> TASK REQUIREMENTS: All that should come back is the lines of the data below from the one containing "share of the ground: 50 - 75 %" to the one containing "longitude: 28.4528", inclusive, exactly as they stand.

____ PROVIDED ENTRIES

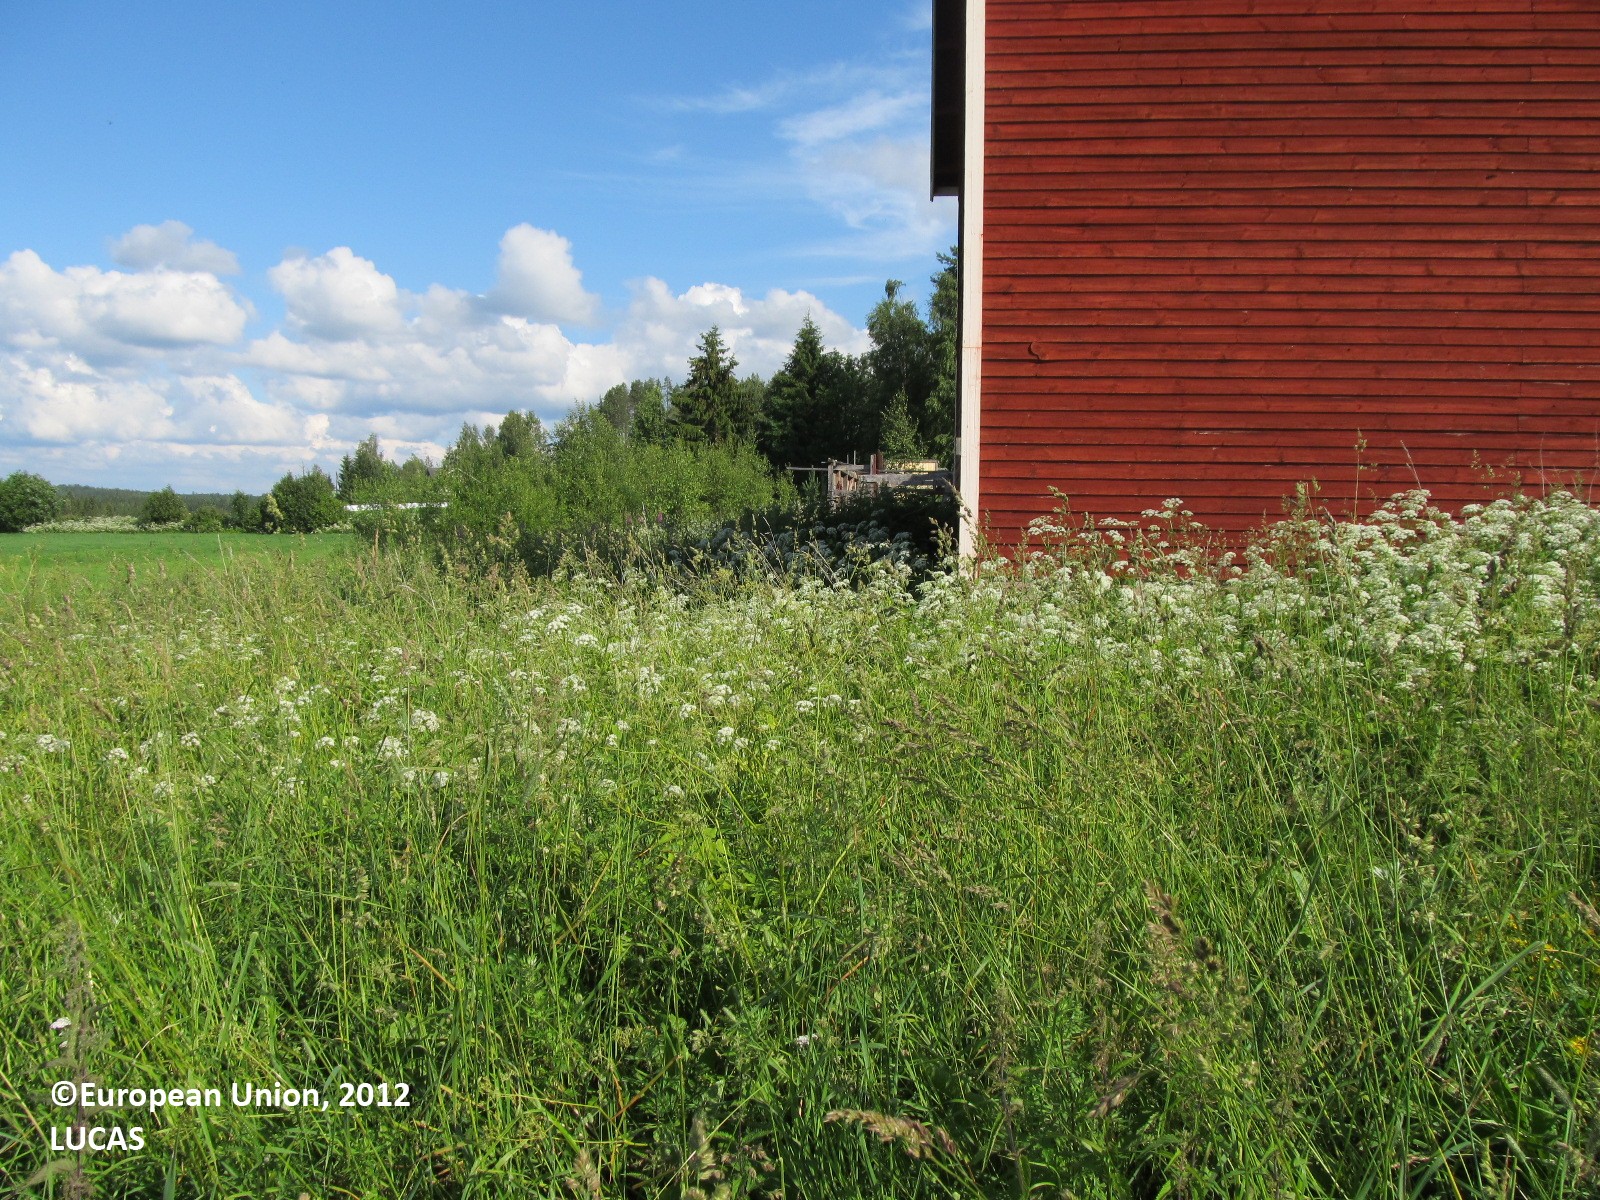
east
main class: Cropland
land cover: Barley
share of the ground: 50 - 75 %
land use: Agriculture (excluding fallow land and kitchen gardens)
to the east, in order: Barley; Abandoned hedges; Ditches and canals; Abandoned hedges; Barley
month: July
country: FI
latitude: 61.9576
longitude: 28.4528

________
____ PROVIDED ENTRIES

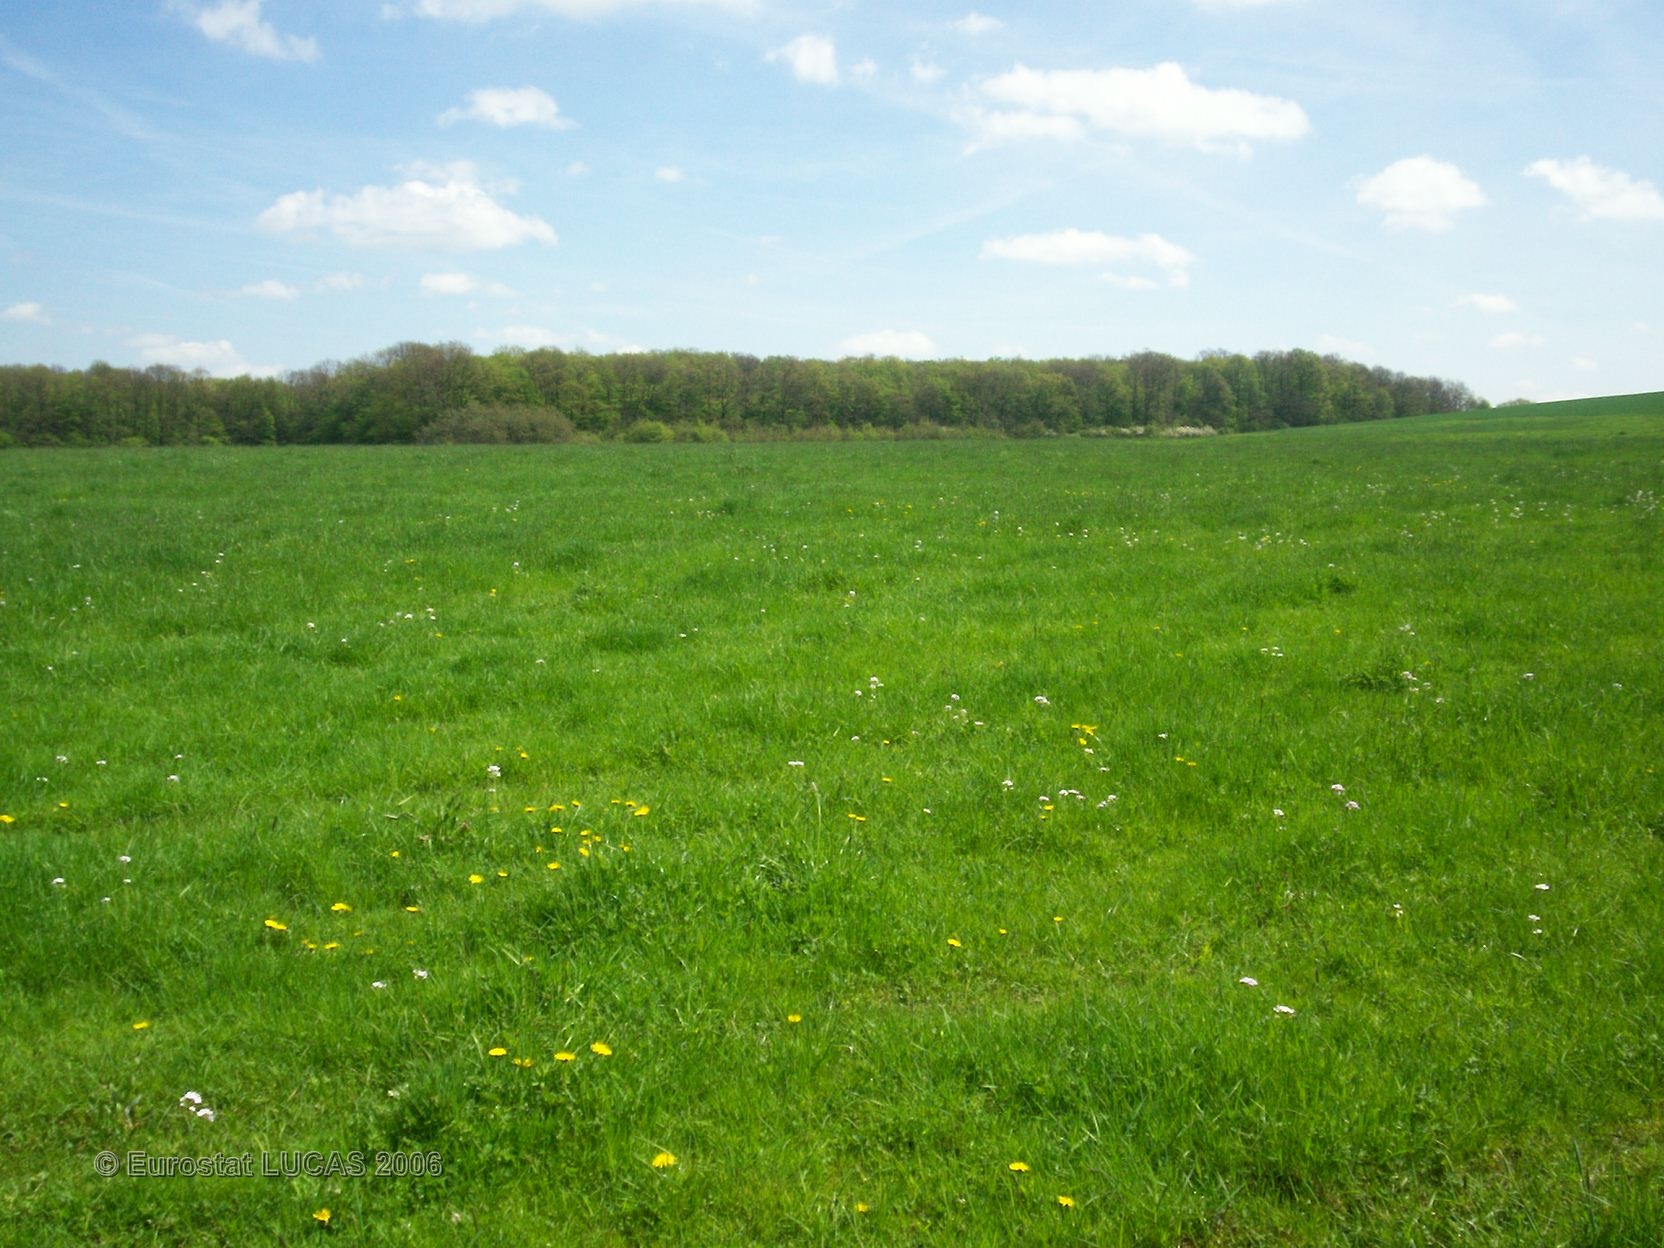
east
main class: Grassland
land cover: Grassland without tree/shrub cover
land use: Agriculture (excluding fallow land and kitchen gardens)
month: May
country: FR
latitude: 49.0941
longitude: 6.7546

________
____ PROVIDED ENTRIES

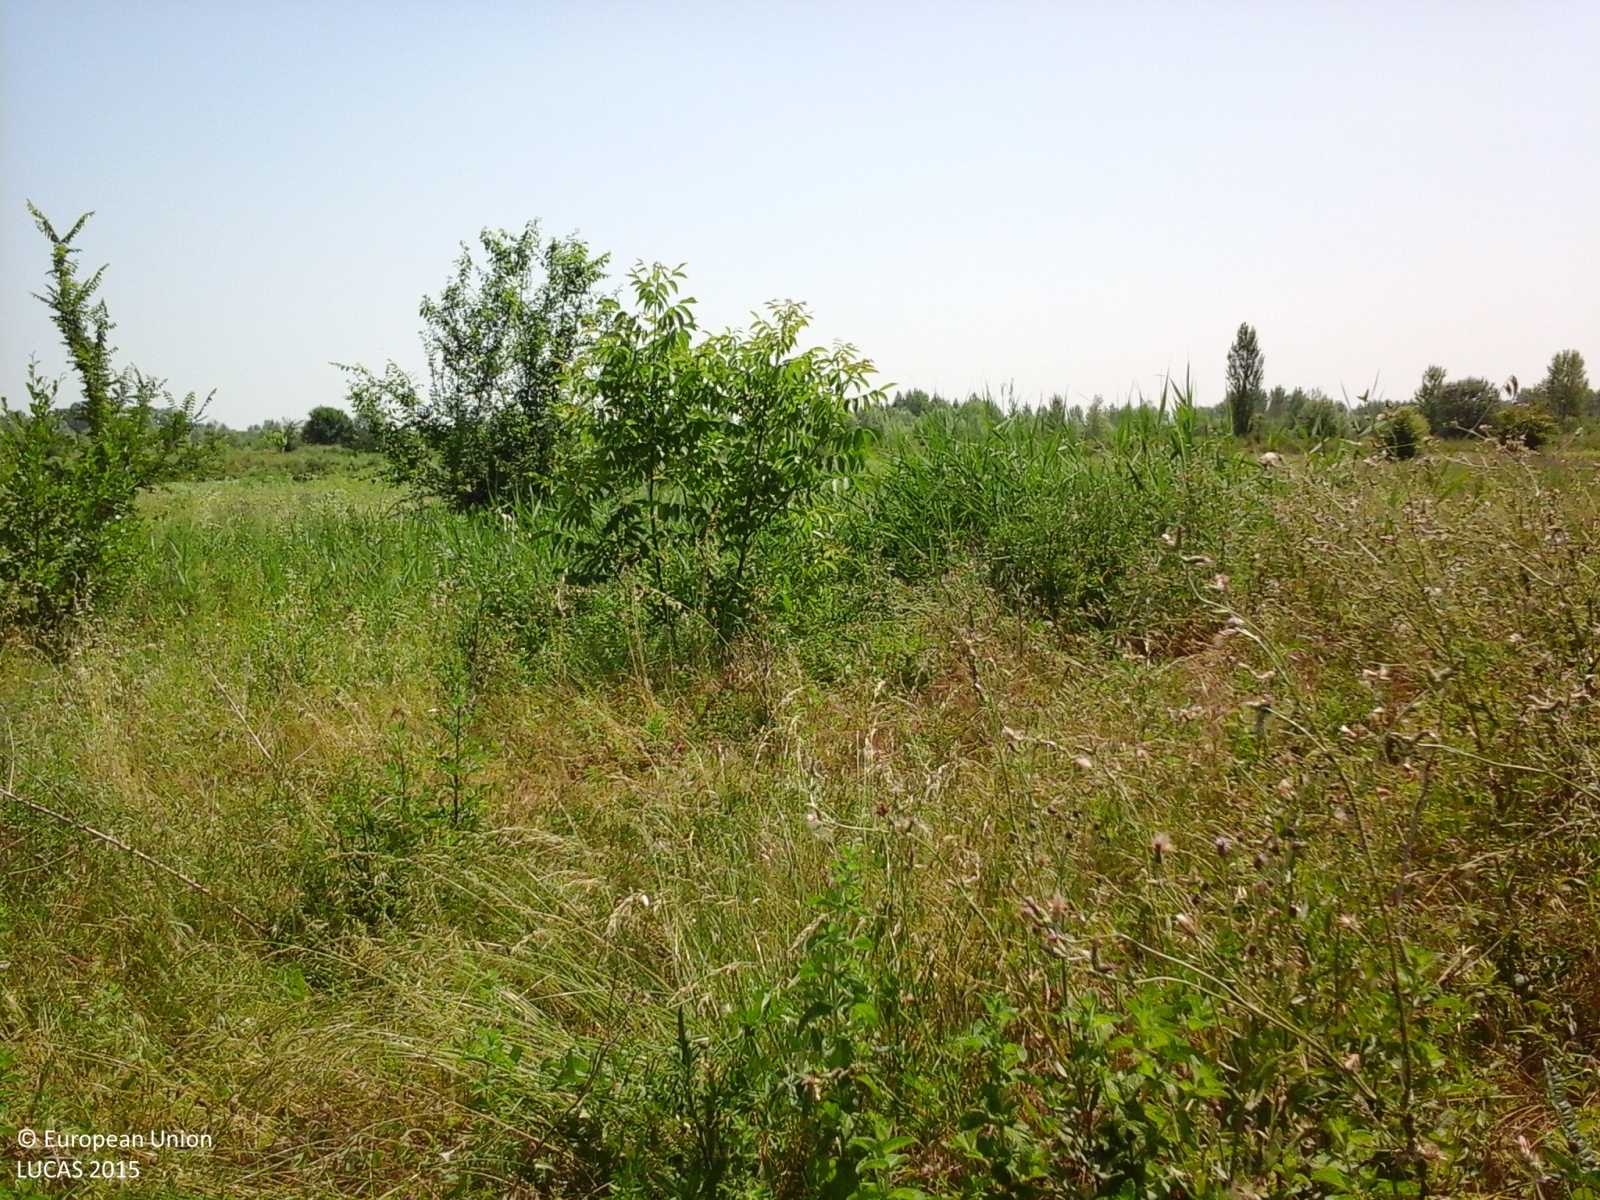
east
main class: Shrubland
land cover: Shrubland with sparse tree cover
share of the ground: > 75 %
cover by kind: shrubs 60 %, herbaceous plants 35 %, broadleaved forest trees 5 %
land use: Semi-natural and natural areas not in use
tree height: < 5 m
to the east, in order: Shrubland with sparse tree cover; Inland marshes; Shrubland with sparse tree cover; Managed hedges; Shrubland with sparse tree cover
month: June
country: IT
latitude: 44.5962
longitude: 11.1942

________

> ANSWER SPACE:
share of the ground: 50 - 75 %
land use: Agriculture (excluding fallow land and kitchen gardens)
to the east, in order: Barley; Abandoned hedges; Ditches and canals; Abandoned hedges; Barley
month: July
country: FI
latitude: 61.9576
longitude: 28.4528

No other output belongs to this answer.